In his letter to the UN’s Office of the High Commissioner for Human Rights, the Foreign Minister stated that this represents a systemic failure of the judicial checks and balances foreseen in the Constitution. This system-failure led directly to the President’s decision, as the ultimate guarantor of the Constitution and of rule of law in the Maldives, to detain Justice Abdulla Mohamed.
Looking forward, the Minister expressed the Government’s determination to resolve the current crisis in an orderly and peaceful manner.

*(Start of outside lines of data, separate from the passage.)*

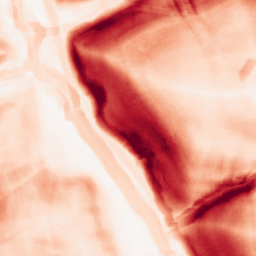
Category: morphological
Decomposition family: morphological_square
Decomposition parameters: operation: gradient
size: 10
Upsampling method: bspline
Upsampling parameters: scale: 8
Upsampling scale: 8
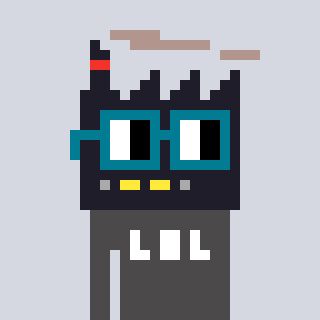
a pixel art character with square dark green glasses, a factory-shaped head and a grayscale-colored body on a cool background
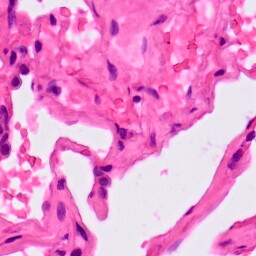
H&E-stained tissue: Lung
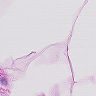
Metastatic tissue present: no
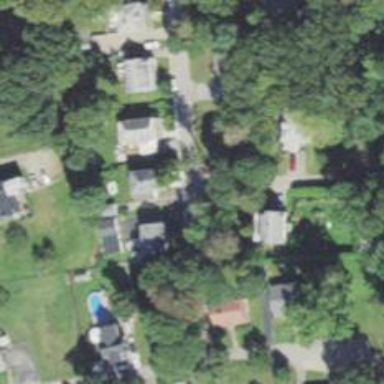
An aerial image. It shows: Residential driveway used as service road.
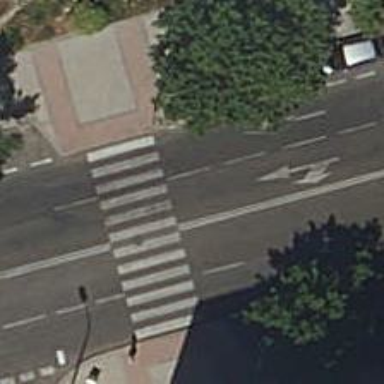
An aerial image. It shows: Zebra crossing on the road.
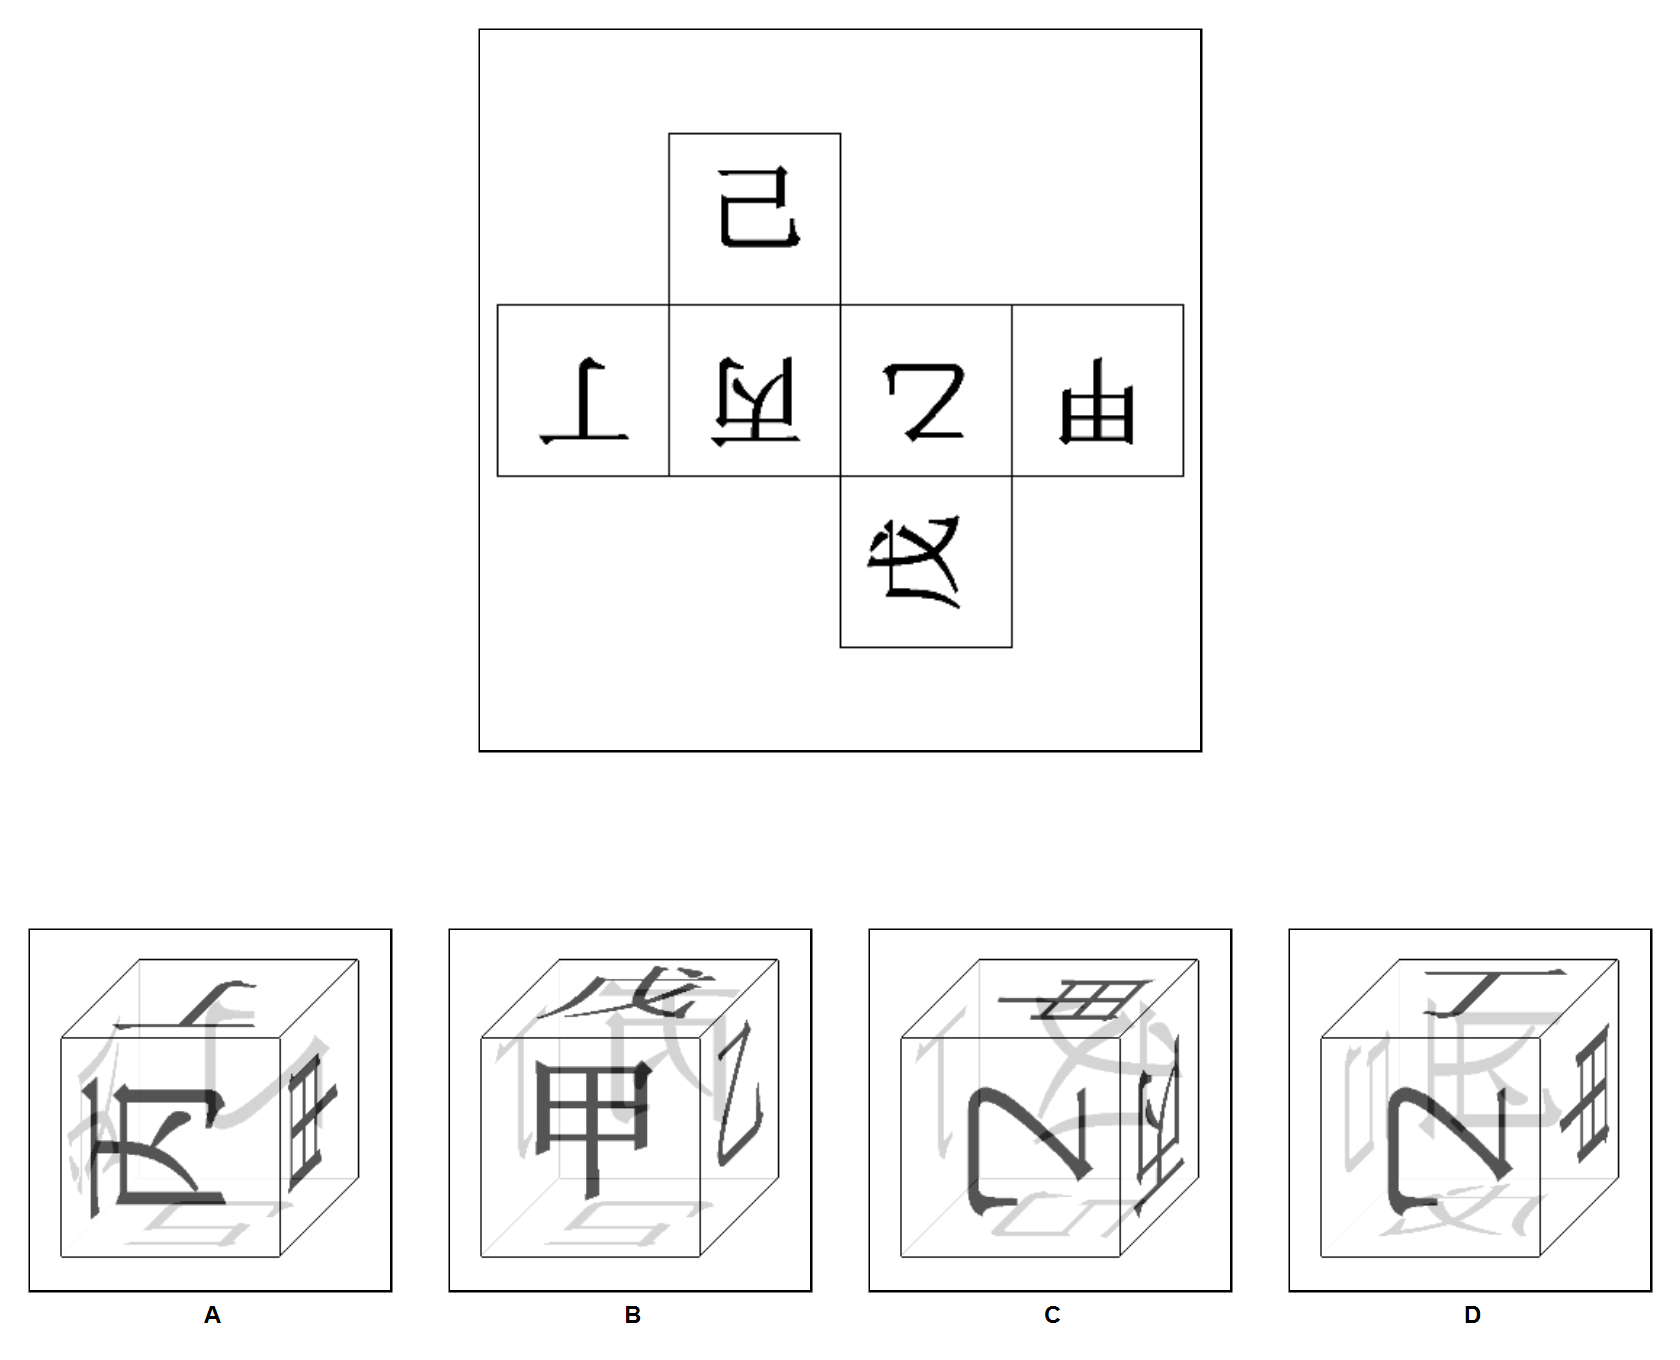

In that regard, the Government has invited, via the good offices of the OHCHR and the Commonwealth, a team of senior international jurists to urgently visit the country to help facilitate a resolution both to the immediate impasse and to the deeper structural problems facing the judiciary – namely that the independent judicial oversight mechanism foreseen under the Constitution has failed and must be urgently reformed or replaced.
In this regard, the Minister noted that the Independent Institutions Committee of the People's Majlis has already formed a sub-committee to investigate the failings of the JSC. The sub-committee is in the process of compiling a report which, according to the Chair of the Independent Institutions Committee, Mohamed Nasheed MP (Independent), may include recommendations for reform of the JSC such a changes to its composition and the provision of a stronger oversight mandate. Hon. Nasheed MP also suggested that, as part of the necessary reforms, it may be necessary to invite foreign Muslim judges to sit on Maldives court benches for an interim period – a proposal which the Government has advocated previously.
According to the Minister, the proposed team of eminent international jurists would be able to offer an important substantive contribution to this process of judicial reform.